"""

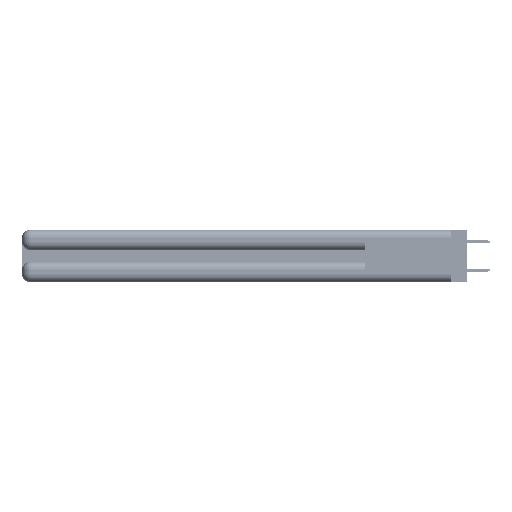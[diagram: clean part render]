
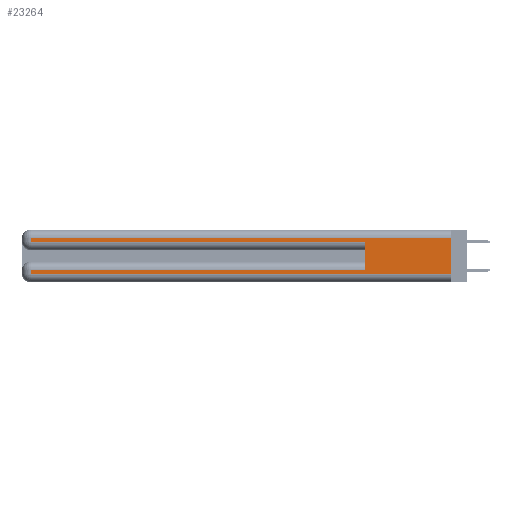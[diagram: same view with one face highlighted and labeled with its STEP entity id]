
A CAD part, left-side view. The second image highlights one B-rep face of the part: STEP entity #23264.
In plain terms, the highlighted planar face has unit normal (-1, 0, 0).
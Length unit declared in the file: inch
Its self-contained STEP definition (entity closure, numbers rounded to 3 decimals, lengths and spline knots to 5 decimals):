
#157 = CARTESIAN_POINT ( 'NONE',  ( 0., 0., 0.085 ) ) ;
#543 = ORIENTED_EDGE ( 'NONE', *, *, #33060, .F. ) ;
#4022 = VERTEX_POINT ( 'NONE', #54472 ) ;
#4181 = VERTEX_POINT ( 'NONE', #24698 ) ;
#4364 = VECTOR ( 'NONE', #8820, 39.37008 ) ;
#5517 = ORIENTED_EDGE ( 'NONE', *, *, #14484, .T. ) ;
#5721 = LINE ( 'NONE', #12258, #18123 ) ;
#8373 = DIRECTION ( 'NONE',  ( 0., -1., 0. ) ) ;
#8820 = DIRECTION ( 'NONE',  ( 0., 0., -1. ) ) ;
#10033 = ORIENTED_EDGE ( 'NONE', *, *, #56088, .F. ) ;
#10053 = CARTESIAN_POINT ( 'NONE',  ( 0., 2.94, 0.31 ) ) ;
#10127 = EDGE_CURVE ( 'NONE', #33356, #19965, #31175, .T. ) ;
#10664 = DIRECTION ( 'NONE',  ( 0., 0., -1. ) ) ;
#11024 = CARTESIAN_POINT ( 'NONE',  ( 0., 0., 0.37 ) ) ;
#11319 = LINE ( 'NONE', #19441, #43053 ) ;
#12258 = CARTESIAN_POINT ( 'NONE',  ( 0., 0., 0.06 ) ) ;
#12461 = DIRECTION ( 'NONE',  ( 0., -1., 0. ) ) ;
#13204 = AXIS2_PLACEMENT_3D ( 'NONE', #11024, #33364, #42047 ) ;
#13353 = VECTOR ( 'NONE', #10664, 39.37008 ) ;
#14242 = ORIENTED_EDGE ( 'NONE', *, *, #17676, .T. ) ;
#14484 = EDGE_CURVE ( 'NONE', #50381, #47987, #11319, .T. ) ;
#17676 = EDGE_CURVE ( 'NONE', #19965, #4022, #5721, .T. ) ;
#18123 = VECTOR ( 'NONE', #8373, 39.37008 ) ;
#19293 = EDGE_CURVE ( 'NONE', #27607, #4181, #24844, .T. ) ;
#19441 = CARTESIAN_POINT ( 'NONE',  ( 0., 0., 0.31 ) ) ;
#19965 = VERTEX_POINT ( 'NONE', #28250 ) ;
#22186 = CARTESIAN_POINT ( 'NONE',  ( 0., 2.94, 0.37 ) ) ;
#23186 = VECTOR ( 'NONE', #39674, 39.37008 ) ;
#23264 = ADVANCED_FACE ( 'NONE', ( #33984 ), #24117, .F. ) ;
#24117 = PLANE ( 'NONE',  #13204 ) ;
#24135 = VECTOR ( 'NONE', #12461, 39.37008 ) ;
#24225 = ORIENTED_EDGE ( 'NONE', *, *, #38744, .T. ) ;
#24698 = CARTESIAN_POINT ( 'NONE',  ( 0., 0.6, 0.285 ) ) ;
#24844 = LINE ( 'NONE', #47770, #24135 ) ;
#25338 = LINE ( 'NONE', #157, #23186 ) ;
#27607 = VERTEX_POINT ( 'NONE', #44839 ) ;
#28250 = CARTESIAN_POINT ( 'NONE',  ( 0., 2.94, 0.06 ) ) ;
#30307 = EDGE_LOOP ( 'NONE', ( #10033, #5517, #24225, #40782, #543, #45153, #51046, #14242 ) ) ;
#31175 = LINE ( 'NONE', #22186, #33234 ) ;
#33031 = CARTESIAN_POINT ( 'NONE',  ( 0., 0., 0.37 ) ) ;
#33060 = EDGE_CURVE ( 'NONE', #49496, #4181, #40714, .T. ) ;
#33234 = VECTOR ( 'NONE', #43982, 39.37008 ) ;
#33356 = VERTEX_POINT ( 'NONE', #41707 ) ;
#33364 = DIRECTION ( 'NONE',  ( 1., 0., 0. ) ) ;
#33984 = FACE_OUTER_BOUND ( 'NONE', #30307, .T. ) ;
#35955 = CARTESIAN_POINT ( 'NONE',  ( 0., 0.6, 0.145 ) ) ;
#38744 = EDGE_CURVE ( 'NONE', #47987, #27607, #54103, .T. ) ;
#39674 = DIRECTION ( 'NONE',  ( 0., 1., 0. ) ) ;
#40361 = DIRECTION ( 'NONE',  ( 0., 0., 1. ) ) ;
#40714 = LINE ( 'NONE', #35955, #49752 ) ;
#40782 = ORIENTED_EDGE ( 'NONE', *, *, #19293, .T. ) ;
#41707 = CARTESIAN_POINT ( 'NONE',  ( 0., 2.94, 0.085 ) ) ;
#42047 = DIRECTION ( 'NONE',  ( 0., 0., -1. ) ) ;
#43053 = VECTOR ( 'NONE', #49579, 39.37008 ) ;
#43982 = DIRECTION ( 'NONE',  ( 0., 0., -1. ) ) ;
#44526 = CARTESIAN_POINT ( 'NONE',  ( 0., 0., 0.31 ) ) ;
#44839 = CARTESIAN_POINT ( 'NONE',  ( 0., 2.94, 0.285 ) ) ;
#45153 = ORIENTED_EDGE ( 'NONE', *, *, #56417, .T. ) ;
#47544 = CARTESIAN_POINT ( 'NONE',  ( 0., 0.6, 0.085 ) ) ;
#47770 = CARTESIAN_POINT ( 'NONE',  ( 0., 0., 0.285 ) ) ;
#47987 = VERTEX_POINT ( 'NONE', #10053 ) ;
#48218 = CARTESIAN_POINT ( 'NONE',  ( 0., 2.94, 0.37 ) ) ;
#49496 = VERTEX_POINT ( 'NONE', #47544 ) ;
#49579 = DIRECTION ( 'NONE',  ( 0., 1., 0. ) ) ;
#49752 = VECTOR ( 'NONE', #40361, 39.37008 ) ;
#49962 = LINE ( 'NONE', #33031, #13353 ) ;
#50381 = VERTEX_POINT ( 'NONE', #44526 ) ;
#51046 = ORIENTED_EDGE ( 'NONE', *, *, #10127, .T. ) ;
#54103 = LINE ( 'NONE', #48218, #4364 ) ;
#54472 = CARTESIAN_POINT ( 'NONE',  ( 0., 0., 0.06 ) ) ;
#56088 = EDGE_CURVE ( 'NONE', #50381, #4022, #49962, .T. ) ;
#56417 = EDGE_CURVE ( 'NONE', #49496, #33356, #25338, .T. ) ;

"""

> TASK OBJECTIVE
Every entry above should be written out again verbatim, with no pictures included.

> ANSWER
[diagram: clean part render]
[diagram: same view with one face highlighted and labeled with its STEP entity id]
A CAD part, left-side view. The second image highlights one B-rep face of the part: STEP entity #23264.
In plain terms, the highlighted planar face has unit normal (-1, 0, 0).
Length unit declared in the file: inch
Its self-contained STEP definition (entity closure, numbers rounded to 3 decimals, lengths and spline knots to 5 decimals):
#157 = CARTESIAN_POINT ( 'NONE',  ( 0., 0., 0.085 ) ) ;
#543 = ORIENTED_EDGE ( 'NONE', *, *, #33060, .F. ) ;
#4022 = VERTEX_POINT ( 'NONE', #54472 ) ;
#4181 = VERTEX_POINT ( 'NONE', #24698 ) ;
#4364 = VECTOR ( 'NONE', #8820, 39.37008 ) ;
#5517 = ORIENTED_EDGE ( 'NONE', *, *, #14484, .T. ) ;
#5721 = LINE ( 'NONE', #12258, #18123 ) ;
#8373 = DIRECTION ( 'NONE',  ( 0., -1., 0. ) ) ;
#8820 = DIRECTION ( 'NONE',  ( 0., 0., -1. ) ) ;
#10033 = ORIENTED_EDGE ( 'NONE', *, *, #56088, .F. ) ;
#10053 = CARTESIAN_POINT ( 'NONE',  ( 0., 2.94, 0.31 ) ) ;
#10127 = EDGE_CURVE ( 'NONE', #33356, #19965, #31175, .T. ) ;
#10664 = DIRECTION ( 'NONE',  ( 0., 0., -1. ) ) ;
#11024 = CARTESIAN_POINT ( 'NONE',  ( 0., 0., 0.37 ) ) ;
#11319 = LINE ( 'NONE', #19441, #43053 ) ;
#12258 = CARTESIAN_POINT ( 'NONE',  ( 0., 0., 0.06 ) ) ;
#12461 = DIRECTION ( 'NONE',  ( 0., -1., 0. ) ) ;
#13204 = AXIS2_PLACEMENT_3D ( 'NONE', #11024, #33364, #42047 ) ;
#13353 = VECTOR ( 'NONE', #10664, 39.37008 ) ;
#14242 = ORIENTED_EDGE ( 'NONE', *, *, #17676, .T. ) ;
#14484 = EDGE_CURVE ( 'NONE', #50381, #47987, #11319, .T. ) ;
#17676 = EDGE_CURVE ( 'NONE', #19965, #4022, #5721, .T. ) ;
#18123 = VECTOR ( 'NONE', #8373, 39.37008 ) ;
#19293 = EDGE_CURVE ( 'NONE', #27607, #4181, #24844, .T. ) ;
#19441 = CARTESIAN_POINT ( 'NONE',  ( 0., 0., 0.31 ) ) ;
#19965 = VERTEX_POINT ( 'NONE', #28250 ) ;
#22186 = CARTESIAN_POINT ( 'NONE',  ( 0., 2.94, 0.37 ) ) ;
#23186 = VECTOR ( 'NONE', #39674, 39.37008 ) ;
#23264 = ADVANCED_FACE ( 'NONE', ( #33984 ), #24117, .F. ) ;
#24117 = PLANE ( 'NONE',  #13204 ) ;
#24135 = VECTOR ( 'NONE', #12461, 39.37008 ) ;
#24225 = ORIENTED_EDGE ( 'NONE', *, *, #38744, .T. ) ;
#24698 = CARTESIAN_POINT ( 'NONE',  ( 0., 0.6, 0.285 ) ) ;
#24844 = LINE ( 'NONE', #47770, #24135 ) ;
#25338 = LINE ( 'NONE', #157, #23186 ) ;
#27607 = VERTEX_POINT ( 'NONE', #44839 ) ;
#28250 = CARTESIAN_POINT ( 'NONE',  ( 0., 2.94, 0.06 ) ) ;
#30307 = EDGE_LOOP ( 'NONE', ( #10033, #5517, #24225, #40782, #543, #45153, #51046, #14242 ) ) ;
#31175 = LINE ( 'NONE', #22186, #33234 ) ;
#33031 = CARTESIAN_POINT ( 'NONE',  ( 0., 0., 0.37 ) ) ;
#33060 = EDGE_CURVE ( 'NONE', #49496, #4181, #40714, .T. ) ;
#33234 = VECTOR ( 'NONE', #43982, 39.37008 ) ;
#33356 = VERTEX_POINT ( 'NONE', #41707 ) ;
#33364 = DIRECTION ( 'NONE',  ( 1., 0., 0. ) ) ;
#33984 = FACE_OUTER_BOUND ( 'NONE', #30307, .T. ) ;
#35955 = CARTESIAN_POINT ( 'NONE',  ( 0., 0.6, 0.145 ) ) ;
#38744 = EDGE_CURVE ( 'NONE', #47987, #27607, #54103, .T. ) ;
#39674 = DIRECTION ( 'NONE',  ( 0., 1., 0. ) ) ;
#40361 = DIRECTION ( 'NONE',  ( 0., 0., 1. ) ) ;
#40714 = LINE ( 'NONE', #35955, #49752 ) ;
#40782 = ORIENTED_EDGE ( 'NONE', *, *, #19293, .T. ) ;
#41707 = CARTESIAN_POINT ( 'NONE',  ( 0., 2.94, 0.085 ) ) ;
#42047 = DIRECTION ( 'NONE',  ( 0., 0., -1. ) ) ;
#43053 = VECTOR ( 'NONE', #49579, 39.37008 ) ;
#43982 = DIRECTION ( 'NONE',  ( 0., 0., -1. ) ) ;
#44526 = CARTESIAN_POINT ( 'NONE',  ( 0., 0., 0.31 ) ) ;
#44839 = CARTESIAN_POINT ( 'NONE',  ( 0., 2.94, 0.285 ) ) ;
#45153 = ORIENTED_EDGE ( 'NONE', *, *, #56417, .T. ) ;
#47544 = CARTESIAN_POINT ( 'NONE',  ( 0., 0.6, 0.085 ) ) ;
#47770 = CARTESIAN_POINT ( 'NONE',  ( 0., 0., 0.285 ) ) ;
#47987 = VERTEX_POINT ( 'NONE', #10053 ) ;
#48218 = CARTESIAN_POINT ( 'NONE',  ( 0., 2.94, 0.37 ) ) ;
#49496 = VERTEX_POINT ( 'NONE', #47544 ) ;
#49579 = DIRECTION ( 'NONE',  ( 0., 1., 0. ) ) ;
#49752 = VECTOR ( 'NONE', #40361, 39.37008 ) ;
#49962 = LINE ( 'NONE', #33031, #13353 ) ;
#50381 = VERTEX_POINT ( 'NONE', #44526 ) ;
#51046 = ORIENTED_EDGE ( 'NONE', *, *, #10127, .T. ) ;
#54103 = LINE ( 'NONE', #48218, #4364 ) ;
#54472 = CARTESIAN_POINT ( 'NONE',  ( 0., 0., 0.06 ) ) ;
#56088 = EDGE_CURVE ( 'NONE', #50381, #4022, #49962, .T. ) ;
#56417 = EDGE_CURVE ( 'NONE', #49496, #33356, #25338, .T. ) ;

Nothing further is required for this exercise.